Testing should detect degraded noise margins most easily during LSB sensing rather than MSB sensing because of the smaller differential signals involved. The LSBs of the tile data values form alternating word-line-aligned bars of 0's and 1's (both true and complement), as well as checkerboards (both true and complement). (Checkerboard patterns are frequently used to detect array noise and reduced noise margins in conventional DRAMs. 15 ) This observation supports our claim that the proposed test provides worstcase LSB sensing conditions and should therefore be effective at testing for degraded noise margins. One could readily enhance the test to detect excessive cell leakage currents by inserting an appropriate delay (four delays in all) between the times when new data is written and read back from memory. This delay must be chosen so as to give marginally excessive leakage currents sufficient time, typically tens of milliseconds, to cause observable errors. We would need characterization experiments and detailed process data to establish the most effective delay time.
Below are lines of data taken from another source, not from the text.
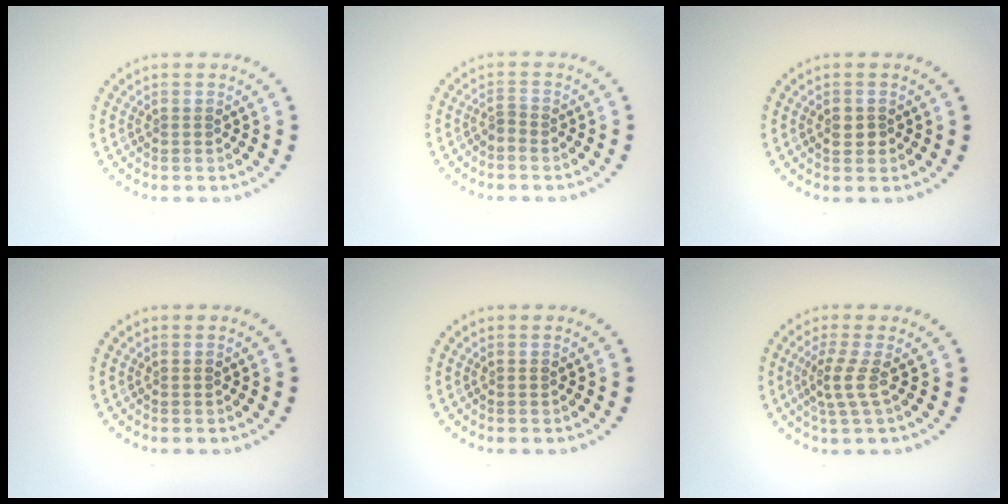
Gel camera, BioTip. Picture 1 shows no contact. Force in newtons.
{"total": 0.8, "press": 0.3, "slide": 0.7}
{"total": 1.3, "press": 1.3, "slide": 0.2}
{"total": 0.0}
{"total": 0.0}
{"total": 2.3, "press": 1.5, "slide": 1.7}
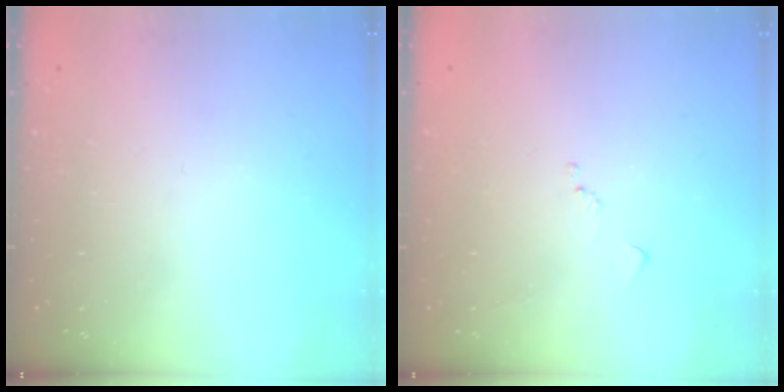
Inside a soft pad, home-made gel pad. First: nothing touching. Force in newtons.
{"total": 6.1, "press": 6.0, "slide": 0.6}
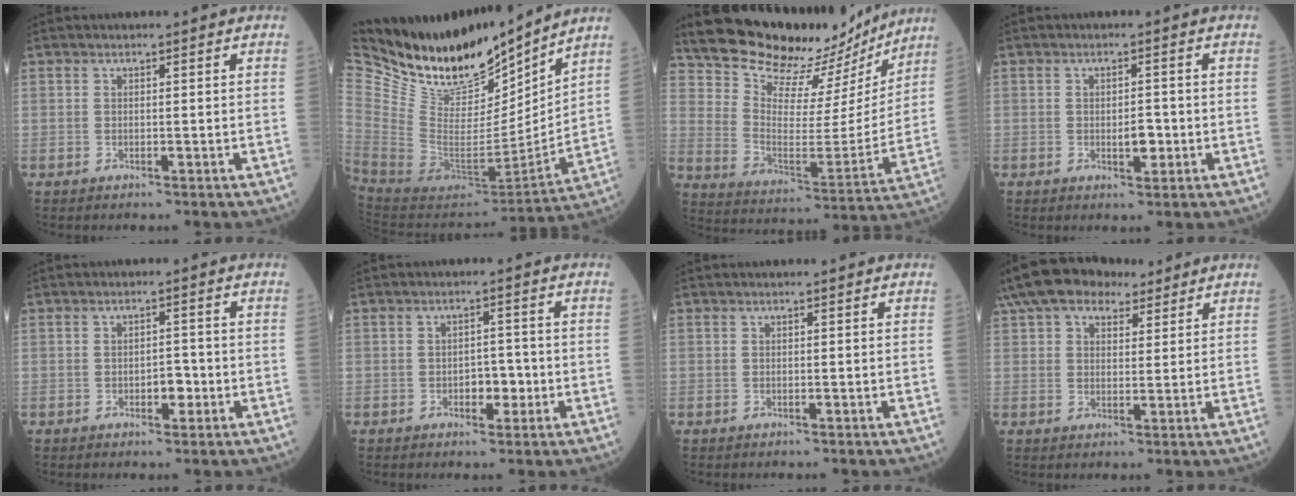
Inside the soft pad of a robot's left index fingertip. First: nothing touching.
{"total": 26.6, "force": [22.3, 9.3, 11.0], "torque": [-0.246, -0.031, 0.388]}
{"total": 19.2, "force": [17.6, 5.6, 5.5], "torque": [-0.087, -0.032, 0.255]}
{"total": 2.5, "force": [-0.9, 1.2, 2.0], "torque": [-0.027, -0.003, -0.013]}
{"total": 2.6, "force": [-1.3, 1.4, 1.8], "torque": [-0.019, 0.001, -0.019]}
{"total": 3.3, "force": [-1.4, 1.9, 2.3], "torque": [-0.026, 0.001, -0.021]}
{"total": 0.0}
{"total": 15.1, "force": [10.2, 8.2, 7.4], "torque": [-0.162, 0.061, 0.173]}
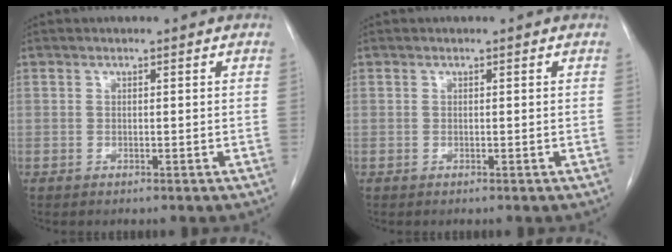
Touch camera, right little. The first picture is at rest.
{"total": 0.0}
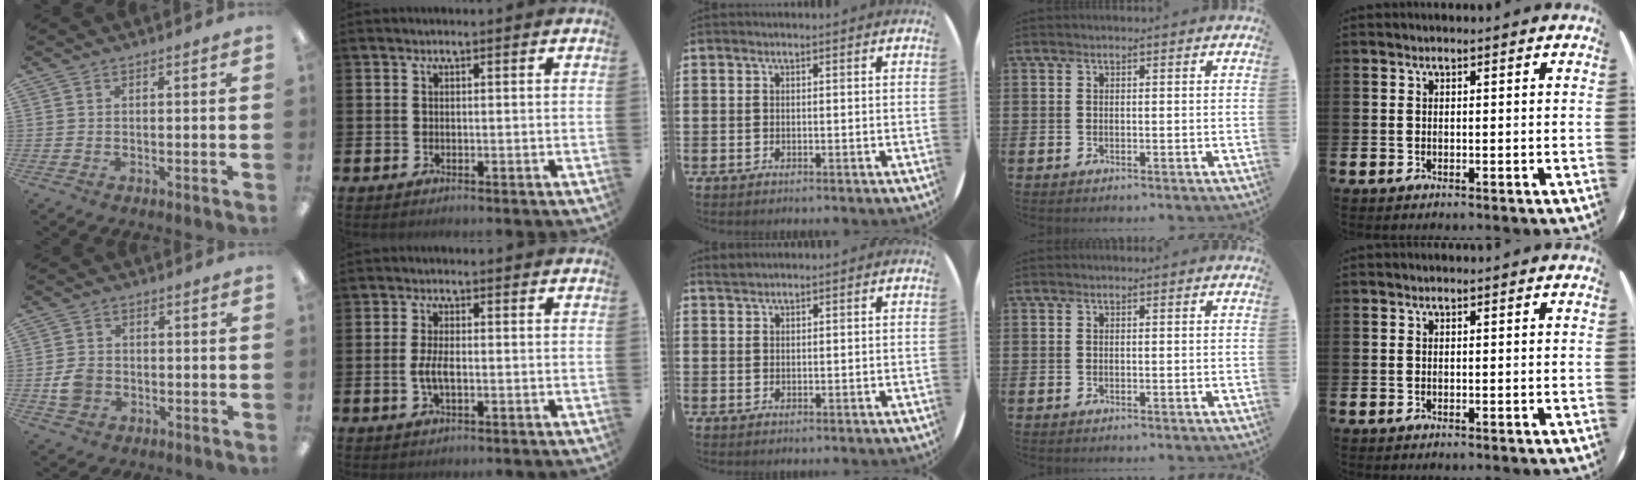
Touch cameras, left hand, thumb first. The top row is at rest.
{"thumb": {"total": 5.3, "force": [-1.3, 4.4, 2.5], "torque": [-0.041, 0.006, -0.024]}, "index": {"total": 3.1, "force": [-0.5, 1.2, 2.9], "torque": [-0.052, -0.005, -0.013]}, "middle": {"total": 0.9, "force": [0.9, 0.0, -0.1], "torque": [0.002, 0.000, 0.017]}}
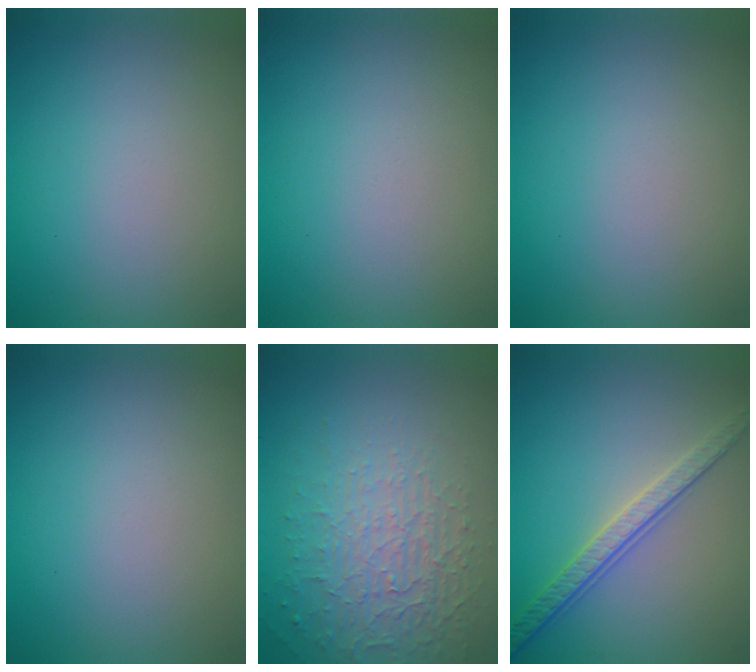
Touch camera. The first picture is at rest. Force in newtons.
{"total": 0.0}
{"total": 0.0}
{"total": 0.0}
{"total": 5.5, "press": 3.2, "slide": 4.5}
{"total": 3.6, "press": 3.3, "slide": 1.6}
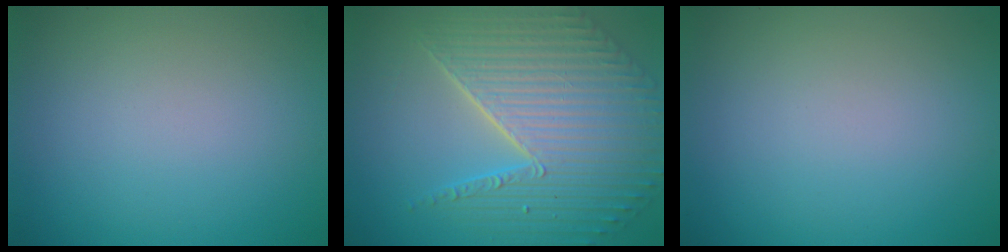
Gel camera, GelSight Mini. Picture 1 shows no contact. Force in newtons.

MLDRAM testability enhancements. How might we modify an MLDRAM to enhance its testability? If MLDRAM technology is to be used in a commodity design in competition with conventional 1-bit-per-cell DRAM, we could provide standard DRAM fast access modes, such as page mode. Using essentially the same peripheral circuits as in a DRAM, these fast modes would speed the writing and reading of test patterns to the cell array. In addition, parallel test modes similar to those available in many commercial DRAM parts could be implemented in an MLDRAM. We can also consider massively parallel test modes that turn the sense amplifiers into parallel test pattern generators, since our test uses only four different test patterns. However, such test modes have not appeared economically viable for conventional DRAMs, and it is unlikely that the situation would be significantly different for most MLDRAM implementations.
For test time reductions beyond those resulting from conventional page modes and parallel test modes, we could exploit the inherent structural parallelism of the two MLDRAM cell arrays. A first testing phase using standard patterns could test the left and right cell arrays in parallel as conventional DRAMs. Test time would decrease by roughly a factor of four because of the two-fold parallelism of the cell arrays and the simpler, single-step DRAM sensing operation. Modified control waveforms that keep the switch matrix pass transistor switches open would be a convenient way of isolating the two cell arrays.
After the cell arrays are tested, a second phase would test the switch matrix. To verify the operation of the switches controlled by the X, X*, C, and C* signals, this phase would perform write and verify cycles to cells on true and complement sub-bit lines. The test mode just outlined would require changes to the timing chains and control logic, but it would avoid much more costly changes to the larger cell arrays.
The simple structure of the proposed test is conducive to implementation in a built-in self-test circuit. Redeker 13 describes a BIST MLDRAM implementation using our 4n test. The test pattern generator's complexity was only about 100 gates. Simple Boolean operations on the row address, column address, and tile number form the test data.
THE WORK DESCRIBED HERE is only the first step in an ongoing detailed characterization of Gillingham's MLDRAM. Our future work will include a more detailed simulation-based sensitivity analysis of the basic design. We are fabricating a test chip, and the resulting devices will permit much more detailed and realistic characterization studies. Uncovered design weaknesses may motivate the development of new tests. We plan to investigate further the design-for-testability enhancements mentioned here to better understand the tradeoffs among test time, fault coverage, fault diagnosability, design complexity, and silicon area increase.